IBI – data from P26 is missing as the internal algorithm of E4 that derives IBI from BVP automatically discards an obtained value if its reliability is below a certain threshold.
EDA – data from P17 and P20 is missing, possibly due to poor contact between the device and a participant’s skin.
NeuroSky (Attention, Meditation) – measurements from P1 and P20 are missing due to a poorly equipped device. A portion of data is missing for P19 (∼32%), P22 (∼59%) and P23 (∼36%) for the same reason. No BrainWave data was lost.
Polar HR – data from seven participants (P3, P12, P18, P20, P21, P29, and P30) are missing due to a device error during data collection. Parts of data are missing from P4 (∼38%) and P22 (∼38%) due to poor contact.

Usage Notes

Potential applications

In addition to the intended usage of the dataset discussed above, there are uncertainties as to how physiological markers of an individual’s capacity for flexible physiological reactivity relate to experiences of positive and negative emotions. Our dataset could potentially be useful to examine the role of physiological signal based markers in assessing an individual’s use of emotion regulation strategies, such as cognitive appraisal.

Additionally, various data mining and machine learning techniques could be applied to set up models for an individual’s emotional profile based on sensor-based physiological and behavioral recordings. This could further be transferred to various positive computing use-cases⁸⁸, such as helping children with autism in their social communication^89,90, helping people who are blind to read facial expressions and get the emotion information of their peers⁹¹, finding opportune moments for conversational user interactions^92,93, assisting social anxiety disorder patients to overcome their conditions⁹⁴, allowing robots to interact more intelligently with people^95,96, and monitoring signs of frustration and emotional saturation that affect attention while driving, to enhance driver safety^97,98.

Limitations

Data collection apparatus

Contact-base EEG sensors are known to be susceptible to noises, for example, frowning or eyes-movement might have caused peaks in the data. Other devices may also have been subject to similar systematic errors.

Data collection context

The context of the turn-taking debate may have caused participants to regulate or even suppress their emotional expressions, as an unrestrained display of emotions is often regarded undesirable during a debate. This may have contributed to a deflated level of agreement between self-reports and partner/external perceptions of emotions, which may not be a case for more natural interactions in the wild.

Retrospective emotion annotation with 2nd-person footage

We used retrospective affect judgment protocol where our participants annotated emotions they felt during debates watching the 2nd-person footage of themselves. This approach may have introduced unintended effects to self-ratings of emotions, which pertain to the interaction between interoception⁹⁹, emotional reasoning, and self-perception. Nonetheless, we clearly illustrate our rationale for choosing this annotation method on page 5, under Emotion annotation. Further, our dataset includes annotations of participant emotions from debate partners and external raters who watched the same footage. Therefore, rather than being flawed, our dataset opens a window for investigating the effects mentioned above while altogether enables a comprehensive study of emotions by comparing their perceptions across multiple perspectives.
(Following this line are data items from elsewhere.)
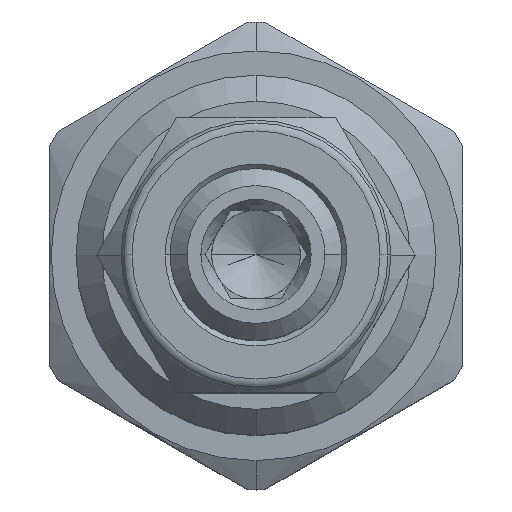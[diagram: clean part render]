
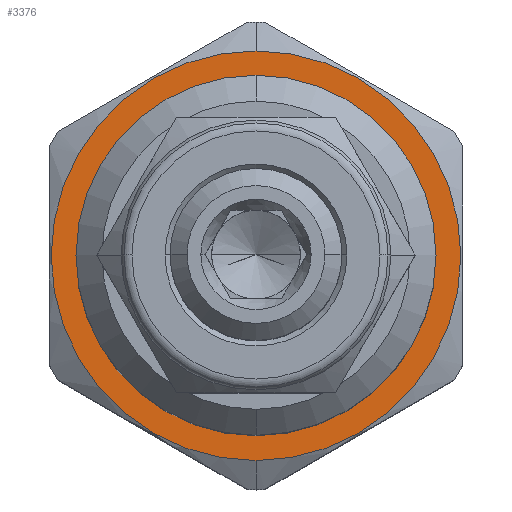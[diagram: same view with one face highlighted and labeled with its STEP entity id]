
A CAD part, top view. The second image highlights one B-rep face of the part: STEP entity #3376.
In plain terms, the highlighted planar face has unit normal (0, 0, 1).
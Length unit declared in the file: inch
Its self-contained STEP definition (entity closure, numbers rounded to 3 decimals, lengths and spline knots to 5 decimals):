
#762=CARTESIAN_POINT('',(0.,0.,2.468));
#763=DIRECTION('',(0.,0.,1.));
#764=DIRECTION('',(0.,-1.,0.));
#765=AXIS2_PLACEMENT_3D('',#762,#763,#764);
#767=CARTESIAN_POINT('',(0.,0.,2.468));
#768=DIRECTION('',(0.,0.,-1.));
#769=DIRECTION('',(0.,-1.,0.));
#770=AXIS2_PLACEMENT_3D('',#767,#768,#769);
#776=CARTESIAN_POINT('',(0.,0.,2.468));
#777=DIRECTION('',(0.,0.,-1.));
#778=DIRECTION('',(0.,-1.,0.));
#779=AXIS2_PLACEMENT_3D('',#776,#777,#778);
#952=CARTESIAN_POINT('',(0.,0.,2.468));
#953=DIRECTION('',(0.,0.,1.));
#954=DIRECTION('',(0.,-1.,0.));
#955=AXIS2_PLACEMENT_3D('',#952,#953,#954);
#2204=CARTESIAN_POINT('',(0.,-0.3715,2.468));
#2206=VERTEX_POINT('',#2204);
#2212=CARTESIAN_POINT('',(0.,0.3715,2.468));
#2214=VERTEX_POINT('',#2212);
#2220=CARTESIAN_POINT('',(0.,-0.3265,2.468));
#2221=CARTESIAN_POINT('',(0.,0.3265,2.468));
#2222=VERTEX_POINT('',#2220);
#2223=VERTEX_POINT('',#2221);
#3361=CARTESIAN_POINT('',(0.,0.,2.468));
#3362=DIRECTION('',(0.,0.,1.));
#3363=DIRECTION('',(0.,-1.,0.));
#3364=AXIS2_PLACEMENT_3D('',#3361,#3362,#3363);
#3365=PLANE('',#3364);
#3367=ORIENTED_EDGE('',*,*,#3366,.T.);
#3369=ORIENTED_EDGE('',*,*,#3368,.F.);
#3370=EDGE_LOOP('',(#3367,#3369));
#3371=FACE_OUTER_BOUND('',#3370,.F.);
#3372=ORIENTED_EDGE('',*,*,#3355,.T.);
#3373=ORIENTED_EDGE('',*,*,#3341,.F.);
#3374=EDGE_LOOP('',(#3372,#3373));
#3375=FACE_BOUND('',#3374,.F.);
#3376=ADVANCED_FACE('',(#3371,#3375),#3365,.T.);
#766=CIRCLE('',#765,0.3265);
#771=CIRCLE('',#770,0.3265);
#780=CIRCLE('',#779,0.3715);
#956=CIRCLE('',#955,0.3715);
#3341=EDGE_CURVE('',#2222,#2223,#771,.T.);
#3355=EDGE_CURVE('',#2222,#2223,#766,.T.);
#3366=EDGE_CURVE('',#2206,#2214,#780,.T.);
#3368=EDGE_CURVE('',#2206,#2214,#956,.T.);

Mode-subtraction in IRR computation

With the mode-subtraction, inter-rater reliability values represent the agreement of raters on relative emotion changes rather than perceived emotions in an absolute sense (see page 8, Inter-rater reliability). Therefore, the dataset users should keep this in mind and determine whether mode-subtraction is optimal for their particular use-cases.

Demographics

The participant demographics likely have introduced bias in the data. All of our participants and raters are young (their ages were between 19 to 36) and highly-educated, and the majority of them are individuals of Asian ethnicity. Therefore, our data may not generalize well to individuals of different ethnic groups or of younger or older age groups.

Unaccounted variables

Many variables unaccounted during data collection, such as the level of rapport between debating pairs, a participant’s competence in spoken English, and a participant’s familiarity with the debate topic, may also have contributed to a variance in the level of mismatch between the perceptions of emotions across different perspectives.

Code availability

Python codes implementing outlier detection using Chauvenet’s criterion, majority voting, mode-subtraction, and other utility functions, including the generation of heatmap plots, are available on https://github.com/Kaist-ICLab/K-EmoCon_SupplementaryCodes. The Krippendorff package (https://github.com/pln-fing-udelar/fast-krippendorff) was used for the computation of Krippendorff’s alpha. Python version 3.6.9 was used throughout.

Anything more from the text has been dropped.